Natural Grocers By Vitamin Cottage (NGVC 0.07%) management emphasized that comparable sales were strongest among nPower Rewards members, while customers outside the program showed greater caution. The decline in gross margin was directly attributed to higher inventory shrink from onetime incidents, with half the variance due to comping last year's unusually low shrink rate. Meat, dairy, and produce outperformed, while sales in supplements, body care, and household categories experienced slight unit declines amid a value-seeking consumer environment. The company plans to accelerate store expansion and expects the earnings impact from preopening expenses to stabilize if the opening pace levels in future years.

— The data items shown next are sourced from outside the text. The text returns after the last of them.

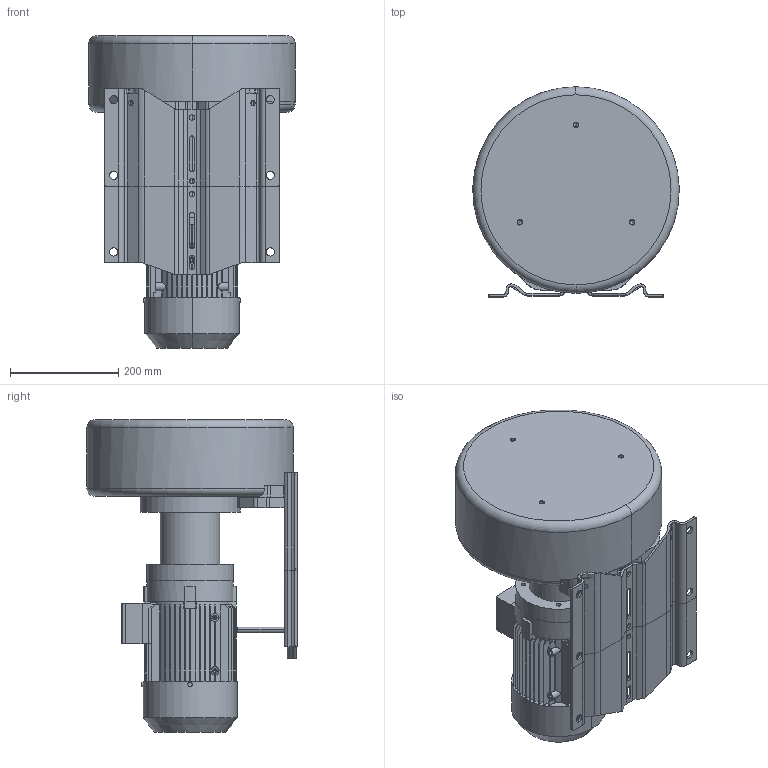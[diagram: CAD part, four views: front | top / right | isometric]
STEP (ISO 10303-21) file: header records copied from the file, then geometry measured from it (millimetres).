
FILE_DESCRIPTION((''),'2;1');
FILE_NAME('MD-000949_ASM','2014-03-20T',('rnennstiel'),('vacuvane vacuum technology gmbh'),'PRO/ENGINEER BY PARAMETRIC TECHNOLOGY CORPORATION, 2010140','PRO/ENGINEER BY PARAMETRIC TECHNOLOGY CORPORATION, 2010140','');
FILE_SCHEMA(('AUTOMOTIVE_DESIGN_CC2 { 1 2 10303 214 -1 1 5 2 }'));
Length unit declared in the file: millimetre
Products named in the file (8): MD-000946; MD-000227; MD-000939; MD-000940; MD-000941_ASM; MD-000943; MD-000366; MD-000949_ASM
Assembly tree (8 placements, depth 3):
  MD-000949_ASM
    MD-000946
    MD-000227
    MD-000941_ASM
      MD-000939
      MD-000940
    MD-000943
    MD-000366  x2
Bounding box: 382 x 389 x 579.2 mm (x, y, z)
Volume: 22908802.9 mm3; surface area: 1236363.3 mm2
Topology: 7 solids, 17 shells, 804 faces, 2269 edges, 1491 vertices
Faces by surface type: plane 367, cylinder 307, cone 127, torus 3
Entity records: 31799 total; most frequent: CARTESIAN_POINT 6588, DIRECTION 4333, ORIENTED_EDGE 4322, EDGE_CURVE 2179, AXIS2_PLACEMENT_3D 1601, VERTEX_POINT 1447, PRESENTATION_STYLE_ASSIGNMENT 1388, STYLED_ITEM 1372
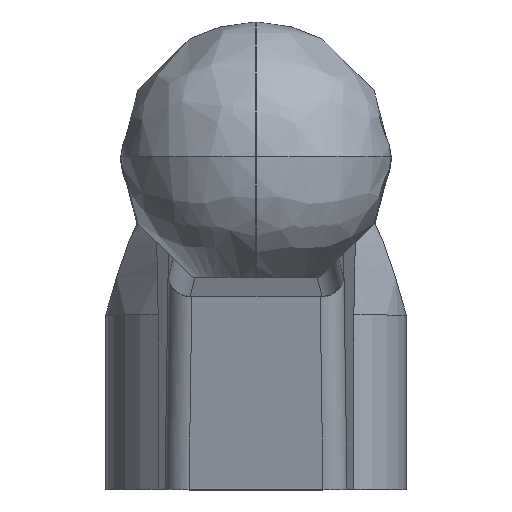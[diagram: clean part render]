
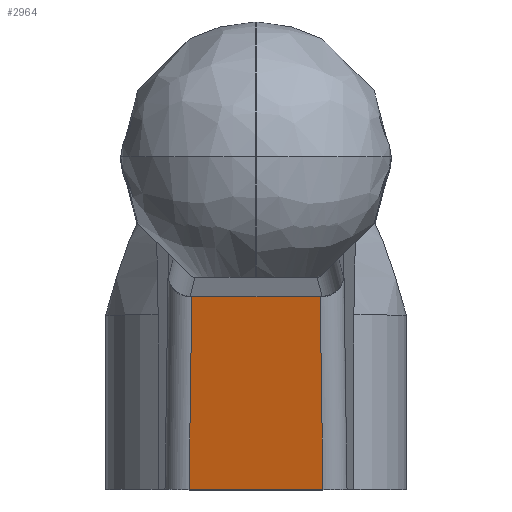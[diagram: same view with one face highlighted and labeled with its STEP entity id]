
A CAD part, top view. The second image highlights one B-rep face of the part: STEP entity #2964.
In plain terms, the highlighted planar face has unit normal (0, -0.214, 0.977).
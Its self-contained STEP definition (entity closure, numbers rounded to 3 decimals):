
#198=DIRECTION('',(-1.,0.,0.));
#199=VECTOR('',#198,21.34);
#200=CARTESIAN_POINT('',(10.67,32.,47.5));
#201=LINE('',#200,#199);
#979=CARTESIAN_POINT('',(-11.127,0.,40.5));
#993=DIRECTION('',(0.014,-0.977,-0.214));
#994=VECTOR('',#993,32.76);
#995=CARTESIAN_POINT('',(10.67,32.,47.5));
#996=LINE('',#995,#994);
#997=DIRECTION('',(0.014,0.977,0.214));
#998=VECTOR('',#997,32.76);
#999=CARTESIAN_POINT('',(-11.127,0.,40.5));
#1000=LINE('',#999,#998);
#1016=DIRECTION('',(1.,0.,0.));
#1017=VECTOR('',#1016,22.254);
#1018=CARTESIAN_POINT('',(-11.127,0.,40.5));
#1019=LINE('',#1018,#1017);
#1580=VERTEX_POINT('',#979);
#1582=CARTESIAN_POINT('',(11.127,0.,40.5));
#1583=VERTEX_POINT('',#1582);
#1601=CARTESIAN_POINT('',(10.67,32.,47.5));
#1602=VERTEX_POINT('',#1601);
#1631=CARTESIAN_POINT('',(-10.67,32.,47.5));
#1632=VERTEX_POINT('',#1631);
#2951=CARTESIAN_POINT('',(-41.8,0.,40.5));
#2952=DIRECTION('',(0.,0.214,-0.977));
#2953=DIRECTION('',(0.,0.977,0.214));
#2954=AXIS2_PLACEMENT_3D('',#2951,#2952,#2953);
#2955=PLANE('',#2954);
#2956=ORIENTED_EDGE('',*,*,#2006,.F.);
#2958=ORIENTED_EDGE('',*,*,#2957,.T.);
#2960=ORIENTED_EDGE('',*,*,#2959,.F.);
#2961=ORIENTED_EDGE('',*,*,#2940,.T.);
#2962=EDGE_LOOP('',(#2956,#2958,#2960,#2961));
#2963=FACE_OUTER_BOUND('',#2962,.F.);
#2964=ADVANCED_FACE('',(#2963),#2955,.F.);
#2006=EDGE_CURVE('',#1602,#1632,#201,.T.);
#2940=EDGE_CURVE('',#1580,#1632,#1000,.T.);
#2957=EDGE_CURVE('',#1602,#1583,#996,.T.);
#2959=EDGE_CURVE('',#1580,#1583,#1019,.T.);
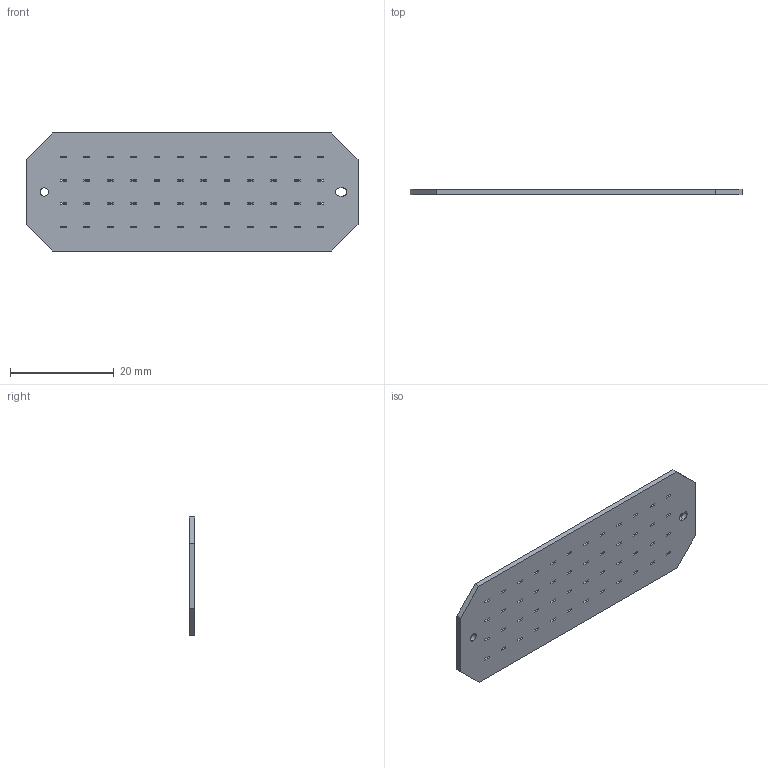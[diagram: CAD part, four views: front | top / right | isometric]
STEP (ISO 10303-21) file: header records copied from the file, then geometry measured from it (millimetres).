
FILE_DESCRIPTION (( 'STEP AP214' ), '1' );
FILE_NAME ('Colimiter_v1_draftslot.STEP', '2016-05-02T18:54:38', ( '' ), ( '' ), 'SwSTEP 2.0', 'SolidWorks 2015', '' );
FILE_SCHEMA (( 'AUTOMOTIVE_DESIGN' ));
Length unit declared in the file: millimetre
Products named in the file (1): Colimiter_v1_draftslot
Bounding box: 64 x 1 x 22.75 mm (x, y, z)
Volume: 1385 mm3; surface area: 3073.2 mm2
Topology: 1 solids, 1 shells, 208 faces, 618 edges, 412 vertices
Faces by surface type: plane 204, cylinder 4
Entity records: 7064 total; most frequent: CARTESIAN_POINT 1239, ORIENTED_EDGE 1236, DIRECTION 1044, EDGE_CURVE 618, LINE 610, VECTOR 610, VERTEX_POINT 412, EDGE_LOOP 308

  • Kemper Isely confirmed there are no additional closures planned this year and likely none next year, with relocations and remodels counted separately from new unit growth targets.
  • Richard Helle clarified that reductions in SNAP transactions were "immaterial" to overall sales comps and that third-party demographic analysis showed no significant shifts in customer base.
  • Supplement category sales faced a slight decline, which management attributed to "zero inflation" rather than a drop in demand, while "grocery" unit volume increased.
  • Management expects modest inflation to continue in line with current trends and foresees improved comp growth in the back half as they cycle softer prior-year results.
  • Administrative expense reduction was mainly linked to prior-year costs tied to the Chief Financial Officer transition, supporting this quarter’s earnings growth.

INDUSTRY GLOSSARY

  • nPower Rewards: Natural Grocers’ loyalty program designed to drive sales growth and customer engagement through member-exclusive offers and benefits.
  • SNAP EBT: Supplemental Nutrition Assistance Program Electronic Benefit Transfer; government food assistance payments affecting grocery retail sales mix.
  • Shrink: Inventory loss from theft, spoilage, or other causes, impacting gross margin performance in retail operations.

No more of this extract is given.